The U-factor of a clear-glass double pane is about 0.5 BTU/hr per square foot per degree-F. A single pane is about 1 BTU/hr per square foot per degree-F. So measure up the windows & sliders in square feet and do the math. Assuming your 4 "small windows" are 5 square feet each and all clear double-panes, that's 20 square feet of window of window for window losses of about:
U0.5 x 20' x 70F= 700 BTU/hr.
For fiberglass insulated 2x6 walk-out side figure a U-factor of about 0.078. Measure up the exterior studwall are and do the same math, U-factor x square feet x 70F.
Uninsulated poured concrete has a U-factor of about 1.0 BTU/hr-degree-foot, but only count the above-grade wall area down to about a foot below grade, since that's going to be the bulk of the wall losses- the below grade portion will have losses considerably lower. If you're adding an interior side 1.5" EPS + batt insulated 2x4 wall, the U-factor will run about 0.06 BTU/hr-degree-foot. If 1.5" EPS + 2x6/batts, call it U0.05. If just 2x6/batts, U0.75 (slightly better than a regular 2x6 first-floor wall due to a slightly lower framing fraction.)

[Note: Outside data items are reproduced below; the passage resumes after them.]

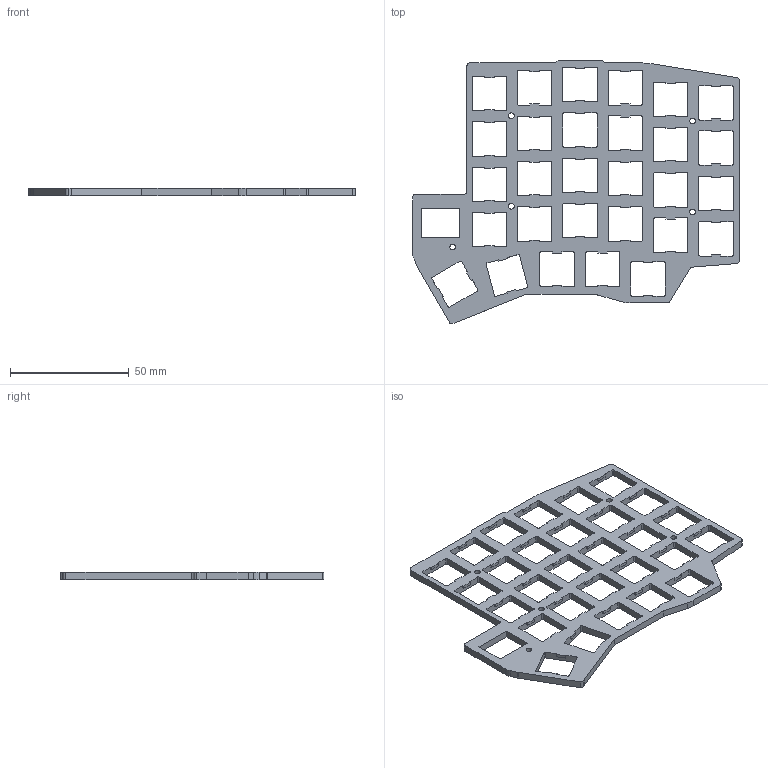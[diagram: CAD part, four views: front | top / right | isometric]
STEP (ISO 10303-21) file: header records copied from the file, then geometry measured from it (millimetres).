
FILE_DESCRIPTION(/* description */ ('STEP AP242','CAx-IF Rec.Pracs.---Representation and Presentation of Product Manufacturing Information (PMI)---4.0---2014-10-13','CAx-IF Rec.Pracs.---3D Tessellated Geometry---0.4---2014-09-14','2;1'),/* implementation_level */ '2;1');
FILE_NAME(/* name */ '66a3a7d0d946524119a6b0f5',/* time_stamp */ '2024-07-26T13:42:42Z',/* author */ (''),/* organization */ (''),/* preprocessor_version */ 'ST-DEVELOPER v20',/* originating_system */ ' ',/* authorisation */ ' ');
FILE_SCHEMA (('AP242_MANAGED_MODEL_BASED_3D_ENGINEERING_MIM_LF { 1 0 10303 442 1 1 4 }'));
Length unit declared in the file: metre
Products named in the file (1): Top Plate
Bounding box: 137.19 x 110.78 x 3 mm (x, y, z)
Volume: 17103.8 mm3; surface area: 18249.1 mm2
Topology: 1 solids, 1 shells, 508 faces, 1518 edges, 1012 vertices
Faces by surface type: plane 376, cylinder 132
Full cylindrical faces by diameter (mm): 2.4 x5
Entity records: 17123 total; most frequent: CARTESIAN_POINT 3034, ORIENTED_EDGE 3026, DIRECTION 2795, EDGE_CURVE 1513, LINE 1249, VECTOR 1249, VERTEX_POINT 1012, AXIS2_PLACEMENT_3D 773

Any solid wood exterior doors or double-pane glass sliders, figure about U0.5, insulated doors about U0.25.
Ignore the floor losses, and ignore the air-infiltration/ventilation losses, as well as the inputs from warm mammals, electrical plug loads, duct losses to the basement from the upstairs heating system, etc.
Add up all of the losses for each room by sub-assembly type, then add up all of the room totals, and it'll be close enough for designing a heating system.
If your wall stackups or doors & windows differ from what I've given you U-factors for, tell me what the stackup is and I'll estimate the U-factor for you.
Something else to consider for a minimal loss of height: Adding 1.5" of EPS to the floor and putting down a 1/2" OSB subfloor tap-conned to the slab, and using a radiant ceiling rather than a radiant floor only blows 2" of height, and is still pretty cushy. At the likely VERY low per-square foot heat load the difference in floor temperature will hardly be enough to be felt except on the coldest days, and may not be a sufficiently high comfort up-tick to matter or be "worth it" once you've insulated the floor. That can be determined once we know the total heat load and the amount of radiant floor or ceiling that would be needed to support the load.